Two organizations representing Muslims and Sikhs have filed a discrimination complaint against an amusement park.
April 29, 2014 12:00:00 AM PDT
Two organizations representing Muslims and Sikhs have filed a discrimination complaint after some customers were turned away from a go-kart ride in Irvine. The amusement park company is defending its policy, citing safety concerns.

"I thought it was ridiculous because we had gone before," said Fatimah Zanana, an alleged victim of discrimination.

Zanana says she and her friends were embarrassed and upset when they were turned away, told they weren't allowed on the go-kart ride at the Boomers! park in Irvine because of their hajibs, or head scarves, which Fatimah wears because she is Muslim.

"I thought they were discriminating us and hating on us because we were Muslim," said Zanana.

Zanana is apparently not alone. Lawyers with the Council on American Islamic Relations (CAIR) say they've received seven official complaints of discrimination from Muslim and Sikh park-goers who were denied access to the go-kart ride for the same reason at Boomers parks in Northern California and San Diego.

"Some people waited in line for over a half-hour with a big group of children in the heat, only to be told that they weren't allowed to go on the go-kart, and not having any notice prior to that," said Sammar Miqbel, CAIR-LA civil rights coordinator.

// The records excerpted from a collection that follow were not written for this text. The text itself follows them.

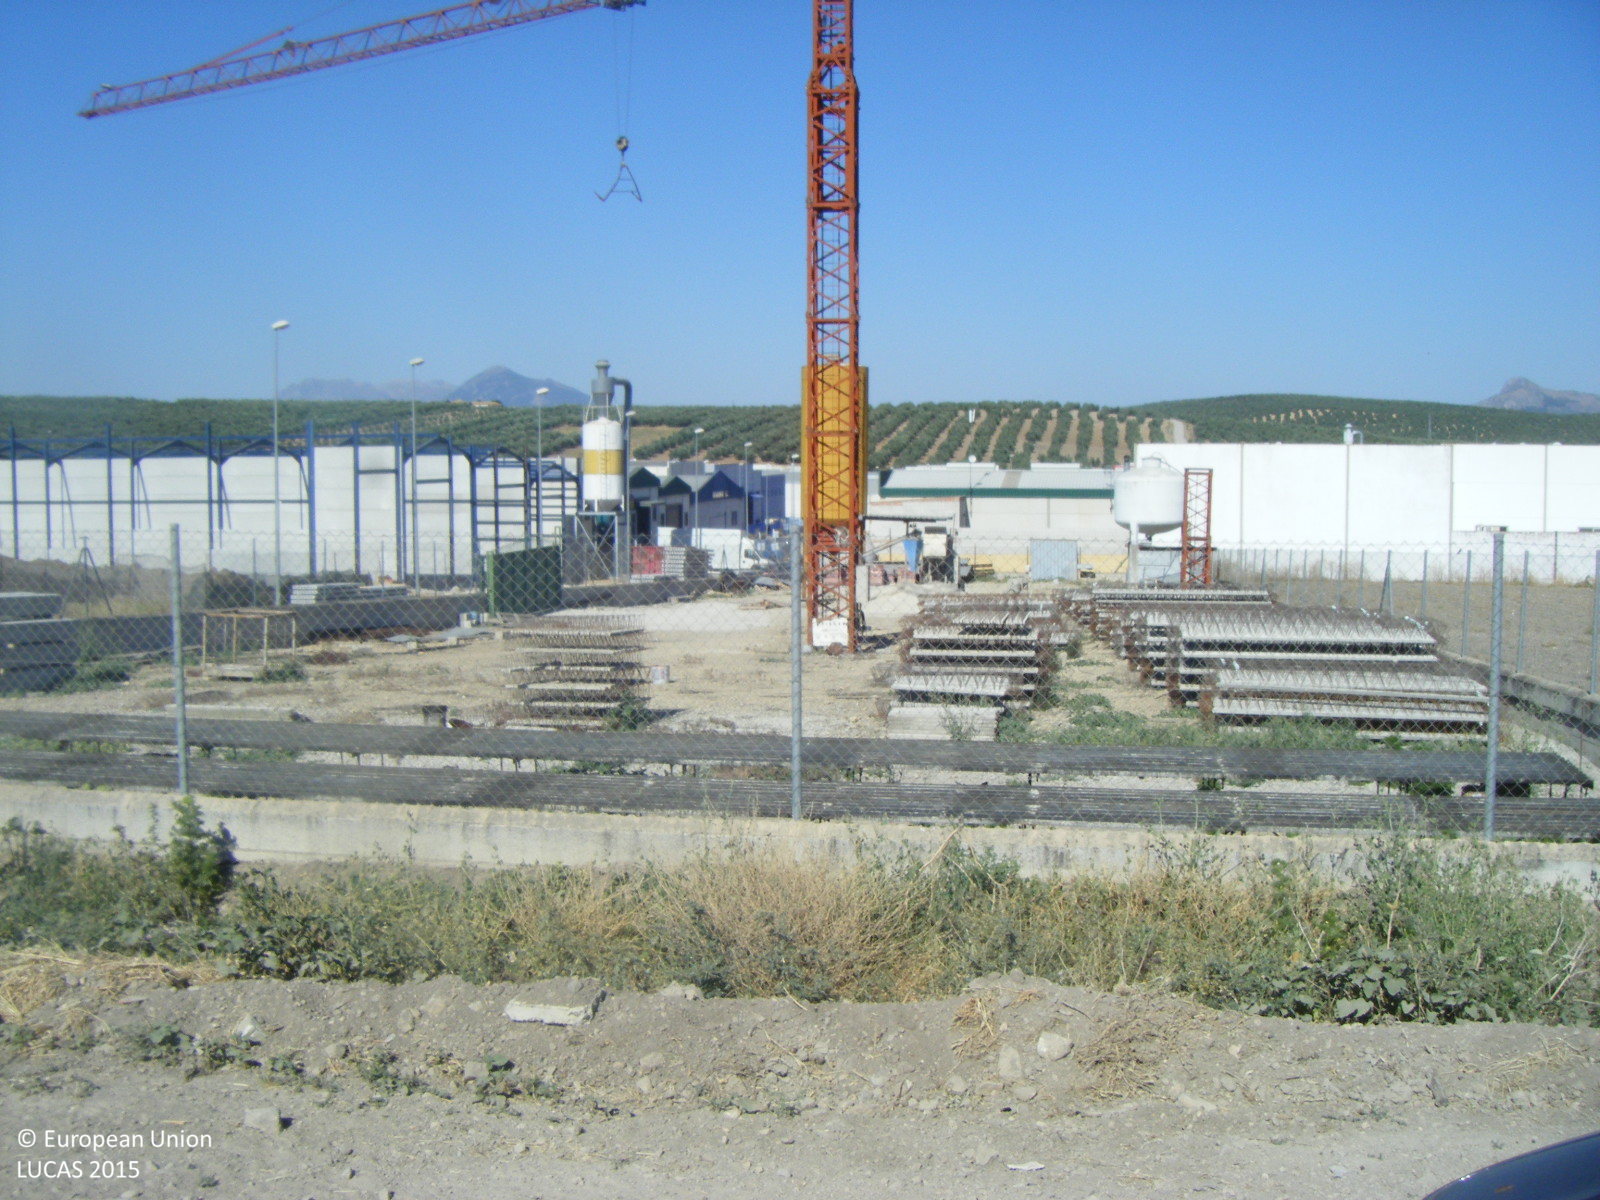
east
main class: Cropland
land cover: Olive groves
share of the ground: 10 - 25 %
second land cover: Other bare soil
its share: > 75 %
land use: Agriculture (excluding fallow land and kitchen gardens)
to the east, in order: Fences; Spontaneously vegetated surfaces; Other bare soil; Tracks; Shruby margins; Other bare soil; Artificial constructions in urban areas
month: June
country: ES
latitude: 37.2678
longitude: -4.5364

Miqbel says after reaching out to Boomers' parent company, Palace Entertainment, with proposals to accommodate riders with religious head-scarves, and getting nowhere, CAIR and United Sikhs have now filed a complaint with the California Department of Fair Employment and Housing, hoping the agency will investigate and take action against Boomers.

"If Boomers tried in good faith to explore these other accommodation options that they too would be able to find something that will both address their safety concerns and allow for this group of people to have equal access to the facility," said Miqbel.

Tuesday afternoon, Palace Entertainment spokesperson Michele Wischmeyer released a statement: "Safety is our number one priority. This is not a matter of race or religion. This is a matter of safety."

Wischmeyer explained head-scarves, hats and anything else, including long hair, that could get caught in the go karts' engines pose a danger to riders.

CAIR and United Sikhs say they are not ruling out a lawsuit against Boomers just yet, but will wait to hear from the state Department of Fair Employment and Housing before moving forward. As for Boomers, the company says it has no intention of changing its policy.